Data for review -
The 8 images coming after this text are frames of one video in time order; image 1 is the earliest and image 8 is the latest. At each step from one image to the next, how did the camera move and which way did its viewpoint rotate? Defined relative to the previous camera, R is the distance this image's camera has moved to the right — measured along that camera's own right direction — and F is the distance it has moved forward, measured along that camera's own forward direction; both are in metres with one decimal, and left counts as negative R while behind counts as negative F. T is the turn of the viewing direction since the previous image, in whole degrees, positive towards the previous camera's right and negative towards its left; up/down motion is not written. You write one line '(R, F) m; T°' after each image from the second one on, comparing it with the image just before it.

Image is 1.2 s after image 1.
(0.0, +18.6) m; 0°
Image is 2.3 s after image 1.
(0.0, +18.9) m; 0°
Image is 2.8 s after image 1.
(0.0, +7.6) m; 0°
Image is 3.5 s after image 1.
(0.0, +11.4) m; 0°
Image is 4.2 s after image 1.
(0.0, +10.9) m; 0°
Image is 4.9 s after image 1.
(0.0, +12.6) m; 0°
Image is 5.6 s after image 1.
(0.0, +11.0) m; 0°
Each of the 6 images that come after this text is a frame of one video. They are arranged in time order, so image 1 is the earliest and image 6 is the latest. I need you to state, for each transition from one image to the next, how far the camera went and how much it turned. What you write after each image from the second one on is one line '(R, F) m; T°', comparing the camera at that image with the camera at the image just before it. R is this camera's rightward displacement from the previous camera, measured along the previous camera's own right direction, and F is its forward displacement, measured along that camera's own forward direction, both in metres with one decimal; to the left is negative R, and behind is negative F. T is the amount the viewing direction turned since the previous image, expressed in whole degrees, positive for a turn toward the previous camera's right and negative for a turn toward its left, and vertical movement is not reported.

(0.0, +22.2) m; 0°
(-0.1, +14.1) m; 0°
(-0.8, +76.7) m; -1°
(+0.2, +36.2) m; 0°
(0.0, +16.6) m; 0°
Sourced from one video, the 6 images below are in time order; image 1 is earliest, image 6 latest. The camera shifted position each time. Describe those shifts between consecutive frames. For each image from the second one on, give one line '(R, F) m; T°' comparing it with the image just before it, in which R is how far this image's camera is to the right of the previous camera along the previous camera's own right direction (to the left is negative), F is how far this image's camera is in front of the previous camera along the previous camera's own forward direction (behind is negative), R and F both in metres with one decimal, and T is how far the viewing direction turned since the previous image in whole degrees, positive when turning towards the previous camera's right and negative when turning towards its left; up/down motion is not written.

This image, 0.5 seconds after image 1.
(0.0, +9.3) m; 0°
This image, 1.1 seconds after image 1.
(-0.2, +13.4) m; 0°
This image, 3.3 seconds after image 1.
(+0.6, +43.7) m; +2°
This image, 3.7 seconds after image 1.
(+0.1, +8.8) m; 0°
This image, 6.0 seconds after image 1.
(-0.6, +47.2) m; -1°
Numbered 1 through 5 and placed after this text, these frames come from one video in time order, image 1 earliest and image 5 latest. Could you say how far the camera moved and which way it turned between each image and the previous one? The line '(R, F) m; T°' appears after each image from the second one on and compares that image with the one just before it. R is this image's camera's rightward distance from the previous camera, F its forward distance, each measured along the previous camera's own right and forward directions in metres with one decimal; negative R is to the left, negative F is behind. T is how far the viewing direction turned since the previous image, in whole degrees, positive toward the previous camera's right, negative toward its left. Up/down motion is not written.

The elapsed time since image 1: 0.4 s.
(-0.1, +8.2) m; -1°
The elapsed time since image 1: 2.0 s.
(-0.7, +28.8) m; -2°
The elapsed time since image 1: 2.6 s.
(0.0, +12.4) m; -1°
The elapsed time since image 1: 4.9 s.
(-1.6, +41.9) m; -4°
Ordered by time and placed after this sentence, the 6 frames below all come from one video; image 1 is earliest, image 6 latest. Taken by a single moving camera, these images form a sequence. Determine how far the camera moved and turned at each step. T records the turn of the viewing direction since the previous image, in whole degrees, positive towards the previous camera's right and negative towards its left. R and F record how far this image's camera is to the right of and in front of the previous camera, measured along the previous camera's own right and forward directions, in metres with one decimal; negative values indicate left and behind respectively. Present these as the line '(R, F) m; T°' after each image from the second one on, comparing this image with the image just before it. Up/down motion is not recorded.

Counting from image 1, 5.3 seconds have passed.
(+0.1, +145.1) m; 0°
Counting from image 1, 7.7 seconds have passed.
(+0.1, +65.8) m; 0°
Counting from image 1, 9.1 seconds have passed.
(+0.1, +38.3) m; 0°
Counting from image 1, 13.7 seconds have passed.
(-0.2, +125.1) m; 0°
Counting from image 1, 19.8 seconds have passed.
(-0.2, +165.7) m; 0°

Try it - Repeat every record, keeping each word and mark exactly as it is.

Written answer -
The 8 images coming after this text are frames of one video in time order; image 1 is the earliest and image 8 is the latest. At each step from one image to the next, how did the camera move and which way did its viewpoint rotate? Defined relative to the previous camera, R is the distance this image's camera has moved to the right — measured along that camera's own right direction — and F is the distance it has moved forward, measured along that camera's own forward direction; both are in metres with one decimal, and left counts as negative R while behind counts as negative F. T is the turn of the viewing direction since the previous image, in whole degrees, positive towards the previous camera's right and negative towards its left; up/down motion is not written. You write one line '(R, F) m; T°' after each image from the second one on, comparing it with the image just before it.

Image is 1.2 s after image 1.
(0.0, +18.6) m; 0°
Image is 2.3 s after image 1.
(0.0, +18.9) m; 0°
Image is 2.8 s after image 1.
(0.0, +7.6) m; 0°
Image is 3.5 s after image 1.
(0.0, +11.4) m; 0°
Image is 4.2 s after image 1.
(0.0, +10.9) m; 0°
Image is 4.9 s after image 1.
(0.0, +12.6) m; 0°
Image is 5.6 s after image 1.
(0.0, +11.0) m; 0°
Each of the 6 images that come after this text is a frame of one video. They are arranged in time order, so image 1 is the earliest and image 6 is the latest. I need you to state, for each transition from one image to the next, how far the camera went and how much it turned. What you write after each image from the second one on is one line '(R, F) m; T°', comparing the camera at that image with the camera at the image just before it. R is this camera's rightward displacement from the previous camera, measured along the previous camera's own right direction, and F is its forward displacement, measured along that camera's own forward direction, both in metres with one decimal; to the left is negative R, and behind is negative F. T is the amount the viewing direction turned since the previous image, expressed in whole degrees, positive for a turn toward the previous camera's right and negative for a turn toward its left, and vertical movement is not reported.

(0.0, +22.2) m; 0°
(-0.1, +14.1) m; 0°
(-0.8, +76.7) m; -1°
(+0.2, +36.2) m; 0°
(0.0, +16.6) m; 0°
Sourced from one video, the 6 images below are in time order; image 1 is earliest, image 6 latest. The camera shifted position each time. Describe those shifts between consecutive frames. For each image from the second one on, give one line '(R, F) m; T°' comparing it with the image just before it, in which R is how far this image's camera is to the right of the previous camera along the previous camera's own right direction (to the left is negative), F is how far this image's camera is in front of the previous camera along the previous camera's own forward direction (behind is negative), R and F both in metres with one decimal, and T is how far the viewing direction turned since the previous image in whole degrees, positive when turning towards the previous camera's right and negative when turning towards its left; up/down motion is not written.

This image, 0.5 seconds after image 1.
(0.0, +9.3) m; 0°
This image, 1.1 seconds after image 1.
(-0.2, +13.4) m; 0°
This image, 3.3 seconds after image 1.
(+0.6, +43.7) m; +2°
This image, 3.7 seconds after image 1.
(+0.1, +8.8) m; 0°
This image, 6.0 seconds after image 1.
(-0.6, +47.2) m; -1°
Numbered 1 through 5 and placed after this text, these frames come from one video in time order, image 1 earliest and image 5 latest. Could you say how far the camera moved and which way it turned between each image and the previous one? The line '(R, F) m; T°' appears after each image from the second one on and compares that image with the one just before it. R is this image's camera's rightward distance from the previous camera, F its forward distance, each measured along the previous camera's own right and forward directions in metres with one decimal; negative R is to the left, negative F is behind. T is how far the viewing direction turned since the previous image, in whole degrees, positive toward the previous camera's right, negative toward its left. Up/down motion is not written.

The elapsed time since image 1: 0.4 s.
(-0.1, +8.2) m; -1°
The elapsed time since image 1: 2.0 s.
(-0.7, +28.8) m; -2°
The elapsed time since image 1: 2.6 s.
(0.0, +12.4) m; -1°
The elapsed time since image 1: 4.9 s.
(-1.6, +41.9) m; -4°
Ordered by time and placed after this sentence, the 6 frames below all come from one video; image 1 is earliest, image 6 latest. Taken by a single moving camera, these images form a sequence. Determine how far the camera moved and turned at each step. T records the turn of the viewing direction since the previous image, in whole degrees, positive towards the previous camera's right and negative towards its left. R and F record how far this image's camera is to the right of and in front of the previous camera, measured along the previous camera's own right and forward directions, in metres with one decimal; negative values indicate left and behind respectively. Present these as the line '(R, F) m; T°' after each image from the second one on, comparing this image with the image just before it. Up/down motion is not recorded.

Counting from image 1, 5.3 seconds have passed.
(+0.1, +145.1) m; 0°
Counting from image 1, 7.7 seconds have passed.
(+0.1, +65.8) m; 0°
Counting from image 1, 9.1 seconds have passed.
(+0.1, +38.3) m; 0°
Counting from image 1, 13.7 seconds have passed.
(-0.2, +125.1) m; 0°
Counting from image 1, 19.8 seconds have passed.
(-0.2, +165.7) m; 0°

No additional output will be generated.